I can’t call this a wrap up because I never had the heart to write one. Season 10 left me feeling… disappointed.
At first, it was enough just to have my babies back. Mulder and Scully. The dream team all other dream teams wish they were. Back on my screen. Never before seen moments. Be still my heart.
But it quickly became clear that while Mulder and Scully were black, much of their magic wasn’t.
Maybe it was the lack of Kim Manners-style closeups. Maybe it was the retcon, confusing (not to mention mind-bendingly ridiculous) mythology. Maybe it was the mythology’s invalidation of decades worth of my television-viewing life. Maybe it was the inescapable emotional hurdle that is William. Maybe it was the glaring lack of chemistry in what was once the best partnership ever seen on screen.
Maybe it was just “Babylon” (10×4).
Whatever it was, and how many things it was in combination, what it was was that it wasn’t. It wasn’t what I hoped for. It was what I had suspected. It was what it was.
I am, though, nothing if not OCD. And The X-Files is nothing short of my one, true television love. So where it goes, I go. And we’re going into Season 11.
I can’t even sugarcoat this. I have a wishlist.
- You Heard Maggie – Go get William. The Philes didn’t ask for him. It’s not too much to ask for you to bring him back. 1013, this is your fault. Fix it.

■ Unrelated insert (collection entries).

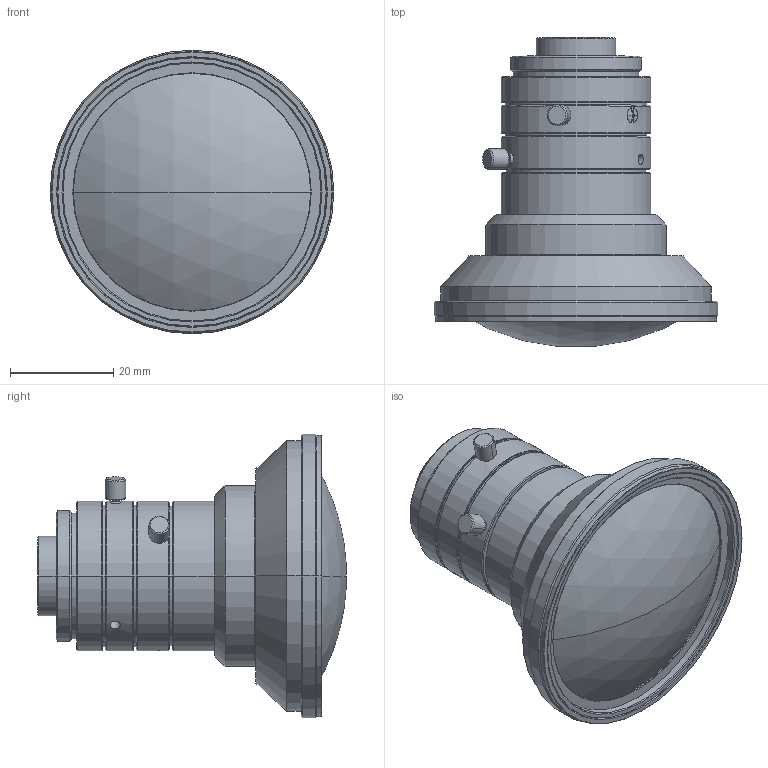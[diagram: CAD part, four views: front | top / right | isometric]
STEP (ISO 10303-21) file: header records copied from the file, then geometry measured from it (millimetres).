
FILE_DESCRIPTION(('STEP AP214'),'1');
FILE_NAME('M0528-MPW3.stp','2022-11-29T02:39:30',(' '),(' '),'Spatial InterOp 3D',' ',' ');
FILE_SCHEMA(('AUTOMOTIVE_DESIGN { 1 0 10303 214 1 1 1 1 }'));
Length unit declared in the file: metre
Products named in the file (2): M0528-MPW3; Component1
Assembly tree (1 placements, depth 2):
  M0528-MPW3
    Component1
Bounding box: 55 x 59.89 x 55 mm (x, y, z)
Volume: 51413.1 mm3; surface area: 18469.7 mm2
Topology: 1 solids, 2 shells, 299 faces, 620 edges, 376 vertices
Faces by surface type: cone 124, cylinder 114, plane 53, sphere 8
Entity records: 8678 total; most frequent: CARTESIAN_POINT 2065, DIRECTION 1504, ORIENTED_EDGE 1240, AXIS2_PLACEMENT_3D 631, EDGE_CURVE 620, VERTEX_POINT 376, EDGE_LOOP 364, CIRCLE 330

- Rehab the Retcon – I don’t know where the mythology was going as of “My Struggle II” (10×6) except that it wasn’t going anyplace anywhere near a town called Interesting. I never thought I’d say this, but I could stand a Super Soldier right about now.
- No More Romantic Red Herrings – The Breakup was mechanical bull. It was based on nothing and evaporated back into nothing. There was no point. There was no value. But I hope you got that ratings boost you wanted, Chris Carter.
- Embrace Baldness – I want more of the Skinman and I want them to treat him right, though the previews have me slightly worried. Here we go reversing character development again…
- Turn on the GPS – And take me somewhere. I mean, let’s type in an address because I have to feel that finally, FINALLY, the story of Mulder and Scully is headed to a definite destination.
You see, as much as I could stare at David and Gillian’s faces forever (indeed, their poster is staring back at me now), what drove my desire of many years to have The X-Files back was that I wanted to see a conclusion. I wanted to see a climax and a resolution. I wanted to see Mulder and Scully win, dagnabit.
I’m sure you did too. Which is why you’re here about to watch Season 11 and why you sustained yourself through many years of television drought with a headcanon.
Show of hands, who doesn’t have a headcanon? No one?
Show of hands, who thinks when Season 11 is over they’ll go back to their headcanon?
Listen, my wishlist isn’t even that long. I’m keeping an open mind, but I can’t say my heart is as open as it was Season 10. Heck, my expectations were tempered back then. They’re timid now.
But, who am I kidding? I’m a Phile at heart. I’m a Phile deep down in my soul. I know very well it doesn’t take much to get me school girl giddy over Mulder and Scully. I can feel the growing weight of nostalgia in my chest despite myself. Stranger things have happened than The X-Files coming back from the dead, like this brilliant phenomenon ever happening in the first place.
And it can’t get worse than “Babylon”.